→ **What is expected**:
Although the listing contains pictures, reproduce only its text, exactly as written.

→ **Task inputs**:
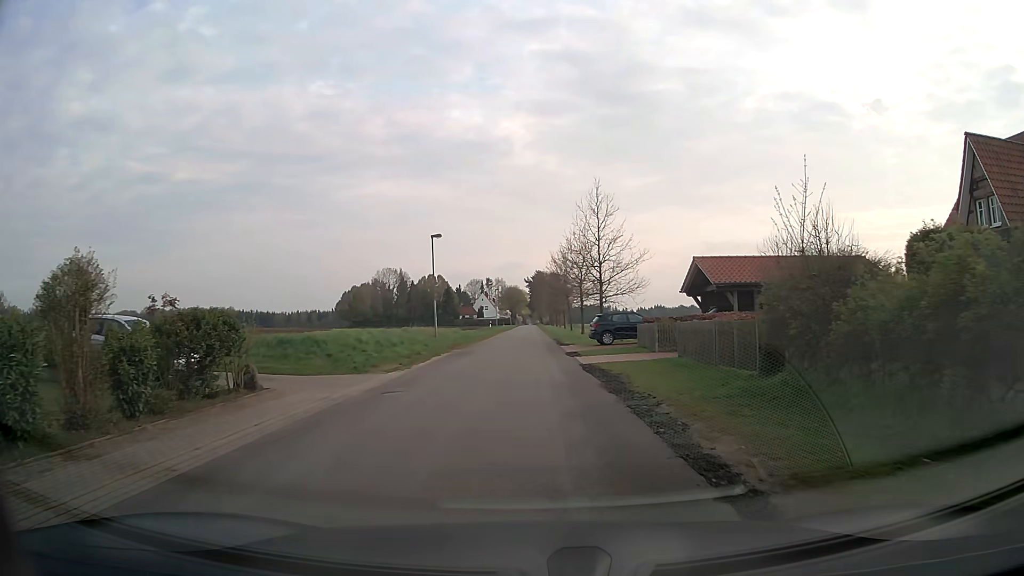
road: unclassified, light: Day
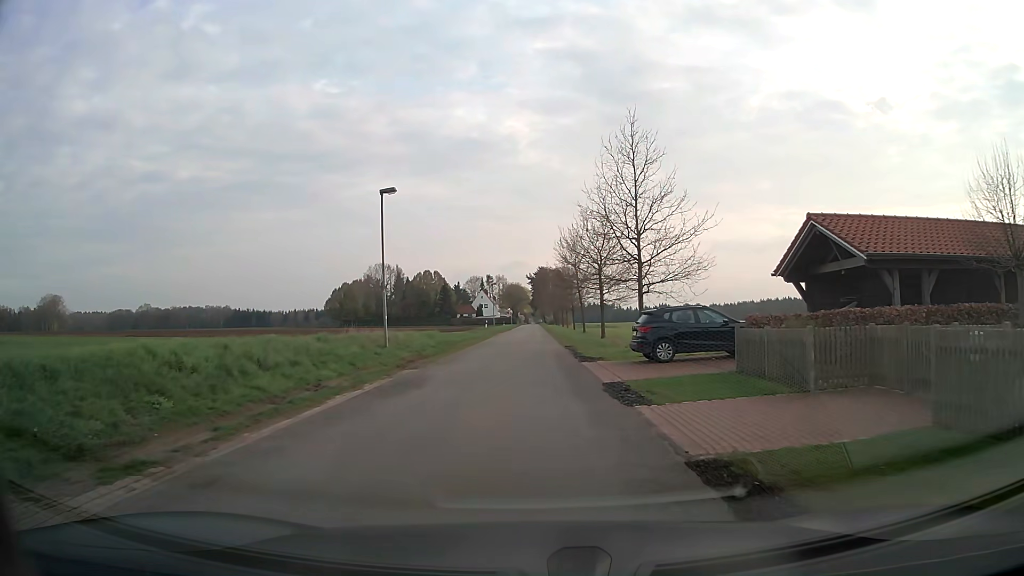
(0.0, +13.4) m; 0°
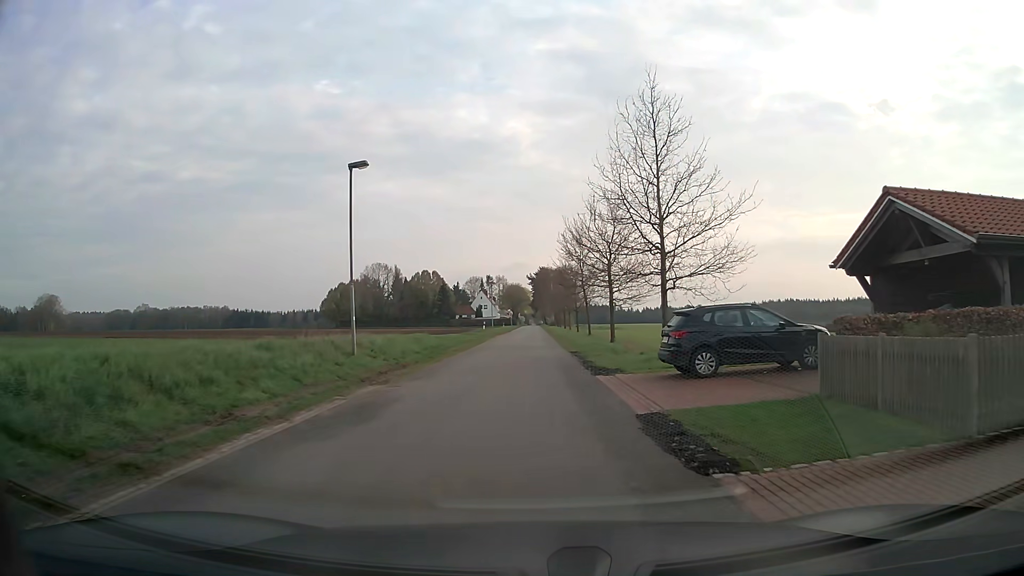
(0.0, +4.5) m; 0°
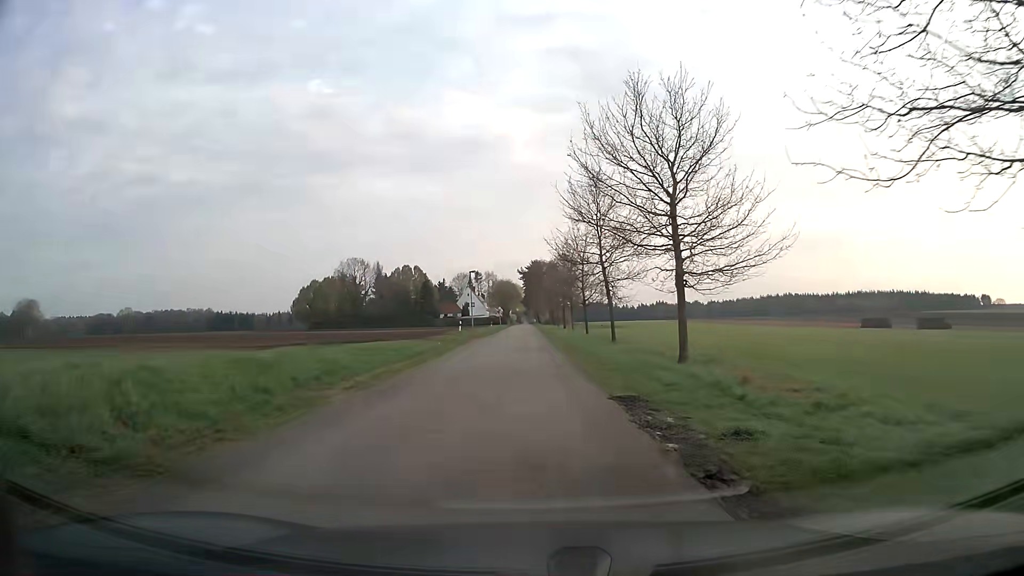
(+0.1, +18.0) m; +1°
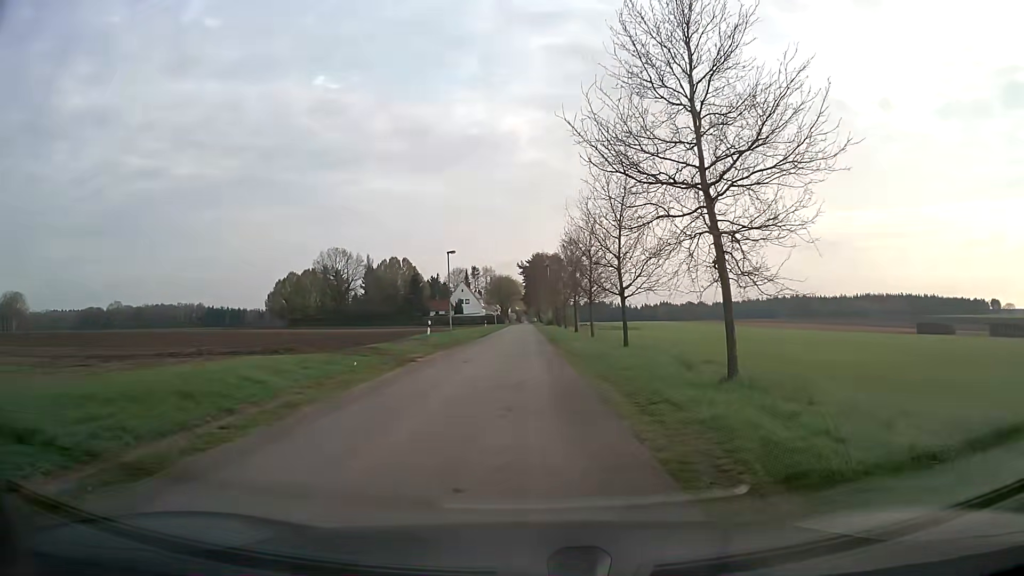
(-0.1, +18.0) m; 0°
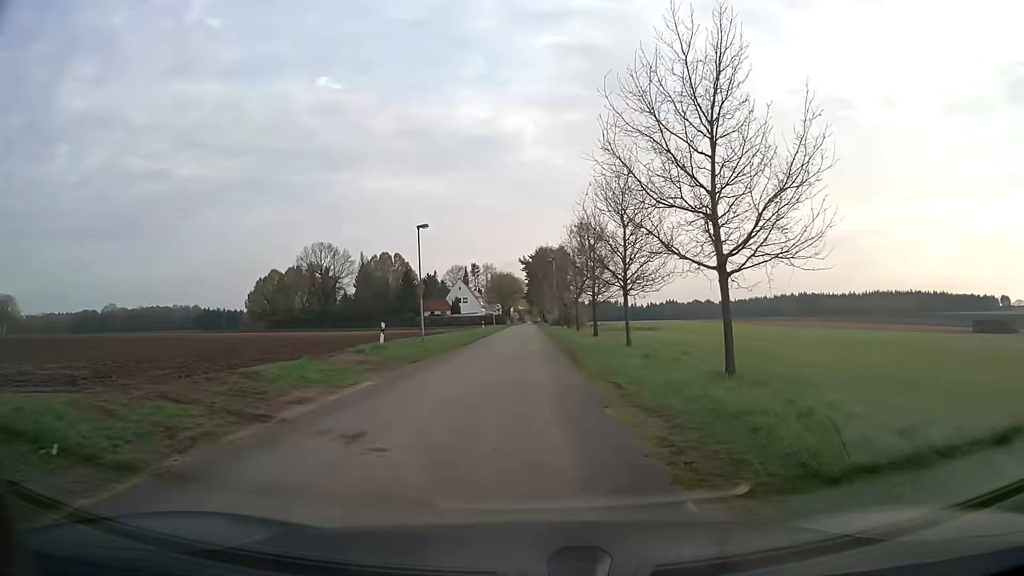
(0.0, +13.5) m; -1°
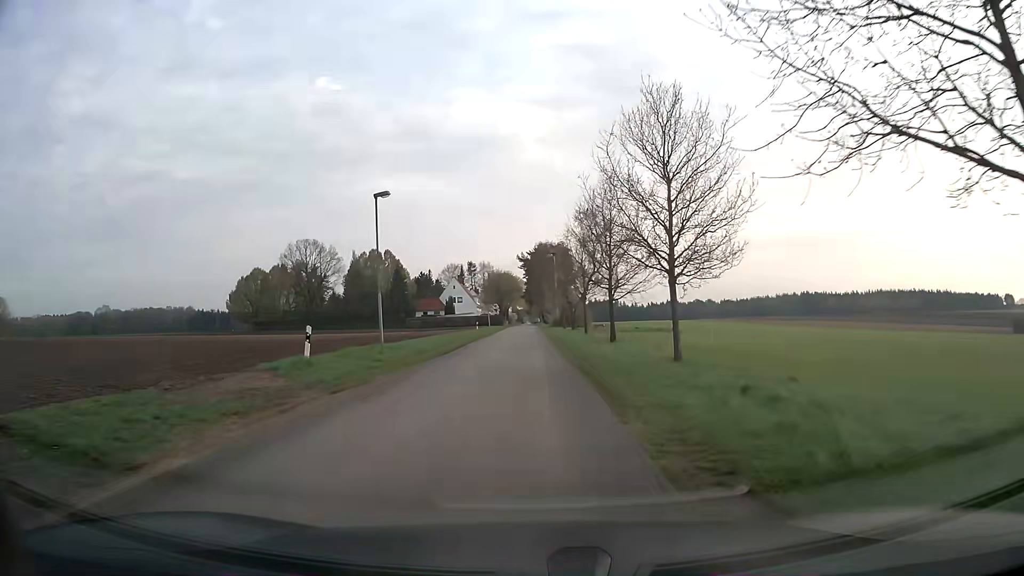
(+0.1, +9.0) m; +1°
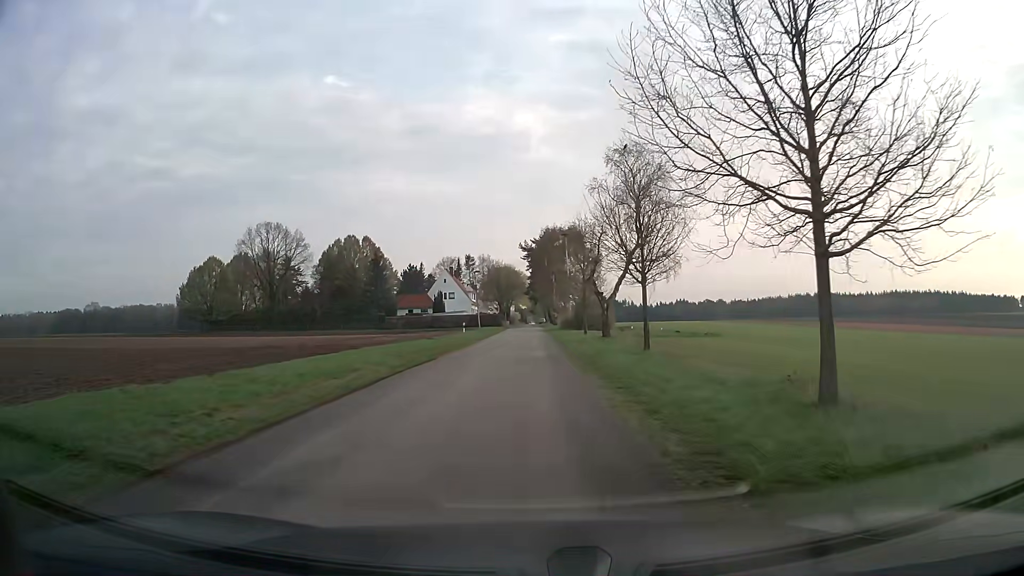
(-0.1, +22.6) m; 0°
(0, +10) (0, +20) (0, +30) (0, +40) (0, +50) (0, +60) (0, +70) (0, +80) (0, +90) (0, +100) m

→ **Exercise result**:
road: unclassified, light: Day
(0.0, +13.4) m; 0°
(0.0, +4.5) m; 0°
(+0.1, +18.0) m; +1°
(-0.1, +18.0) m; 0°
(0.0, +13.5) m; -1°
(+0.1, +9.0) m; +1°
(-0.1, +22.6) m; 0°
(0, +10) (0, +20) (0, +30) (0, +40) (0, +50) (0, +60) (0, +70) (0, +80) (0, +90) (0, +100) m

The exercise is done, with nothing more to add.